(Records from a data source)
=== Section Start ===

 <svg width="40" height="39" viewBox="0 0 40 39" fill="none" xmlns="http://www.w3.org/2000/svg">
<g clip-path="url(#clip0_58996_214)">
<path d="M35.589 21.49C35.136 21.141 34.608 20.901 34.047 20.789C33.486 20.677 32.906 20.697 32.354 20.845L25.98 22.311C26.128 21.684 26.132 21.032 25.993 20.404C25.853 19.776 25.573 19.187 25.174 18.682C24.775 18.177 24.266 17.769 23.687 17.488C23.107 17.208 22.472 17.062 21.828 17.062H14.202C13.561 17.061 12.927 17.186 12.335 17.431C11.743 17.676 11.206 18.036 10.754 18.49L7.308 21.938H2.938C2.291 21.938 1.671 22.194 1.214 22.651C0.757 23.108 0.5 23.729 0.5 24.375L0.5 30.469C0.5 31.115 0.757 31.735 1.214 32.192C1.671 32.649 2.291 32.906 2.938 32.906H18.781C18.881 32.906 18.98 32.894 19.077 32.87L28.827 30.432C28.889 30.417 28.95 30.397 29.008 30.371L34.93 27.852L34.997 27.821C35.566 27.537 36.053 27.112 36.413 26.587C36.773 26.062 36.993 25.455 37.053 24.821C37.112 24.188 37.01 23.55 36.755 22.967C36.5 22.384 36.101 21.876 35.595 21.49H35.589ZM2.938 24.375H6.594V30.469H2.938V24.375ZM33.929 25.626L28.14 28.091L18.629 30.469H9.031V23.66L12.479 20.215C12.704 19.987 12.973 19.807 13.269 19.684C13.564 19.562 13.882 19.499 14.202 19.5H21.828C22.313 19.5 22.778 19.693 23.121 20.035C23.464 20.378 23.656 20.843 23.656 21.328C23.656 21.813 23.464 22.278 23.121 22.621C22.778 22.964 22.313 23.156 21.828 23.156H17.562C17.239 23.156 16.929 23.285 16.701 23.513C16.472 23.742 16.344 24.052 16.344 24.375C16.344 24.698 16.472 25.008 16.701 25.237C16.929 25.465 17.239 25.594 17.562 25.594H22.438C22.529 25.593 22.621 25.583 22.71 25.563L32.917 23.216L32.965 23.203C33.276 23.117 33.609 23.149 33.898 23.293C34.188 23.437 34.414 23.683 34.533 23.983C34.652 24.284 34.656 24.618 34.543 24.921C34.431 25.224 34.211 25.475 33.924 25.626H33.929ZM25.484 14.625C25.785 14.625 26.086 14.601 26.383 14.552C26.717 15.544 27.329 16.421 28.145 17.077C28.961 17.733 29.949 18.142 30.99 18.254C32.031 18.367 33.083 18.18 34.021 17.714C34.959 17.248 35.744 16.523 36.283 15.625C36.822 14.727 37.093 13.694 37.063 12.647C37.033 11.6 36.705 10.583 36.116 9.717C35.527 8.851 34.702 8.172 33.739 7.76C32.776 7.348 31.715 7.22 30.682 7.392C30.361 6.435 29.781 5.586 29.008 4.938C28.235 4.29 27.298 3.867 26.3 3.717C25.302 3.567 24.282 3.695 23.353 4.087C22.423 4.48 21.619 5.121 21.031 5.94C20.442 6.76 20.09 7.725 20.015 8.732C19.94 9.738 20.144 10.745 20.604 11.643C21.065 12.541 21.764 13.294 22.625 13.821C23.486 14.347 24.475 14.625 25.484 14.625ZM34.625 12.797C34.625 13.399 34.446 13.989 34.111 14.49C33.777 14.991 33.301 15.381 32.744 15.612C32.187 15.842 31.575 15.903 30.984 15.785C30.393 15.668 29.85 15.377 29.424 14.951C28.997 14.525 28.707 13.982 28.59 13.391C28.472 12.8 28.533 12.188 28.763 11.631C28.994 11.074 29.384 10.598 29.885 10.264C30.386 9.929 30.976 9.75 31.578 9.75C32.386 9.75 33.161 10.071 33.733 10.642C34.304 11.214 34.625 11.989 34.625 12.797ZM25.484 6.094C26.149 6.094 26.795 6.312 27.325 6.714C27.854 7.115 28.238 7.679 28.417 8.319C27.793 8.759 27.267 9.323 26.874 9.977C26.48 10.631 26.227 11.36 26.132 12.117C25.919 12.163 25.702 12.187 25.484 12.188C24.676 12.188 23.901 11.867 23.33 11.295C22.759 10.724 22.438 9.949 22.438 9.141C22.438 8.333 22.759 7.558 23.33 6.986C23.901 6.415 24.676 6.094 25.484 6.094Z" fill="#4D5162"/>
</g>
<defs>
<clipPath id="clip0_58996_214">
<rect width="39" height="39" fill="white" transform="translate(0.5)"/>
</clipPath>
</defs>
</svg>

=== Section End ===

Exercise prompt - When a line in the records holds the string "height", copy that line.

Your solution -
 <svg width="40" height="39" viewBox="0 0 40 39" fill="none" xmlns="http://www.w3.org/2000/svg">
<rect width="39" height="39" fill="white" transform="translate(0.5)"/>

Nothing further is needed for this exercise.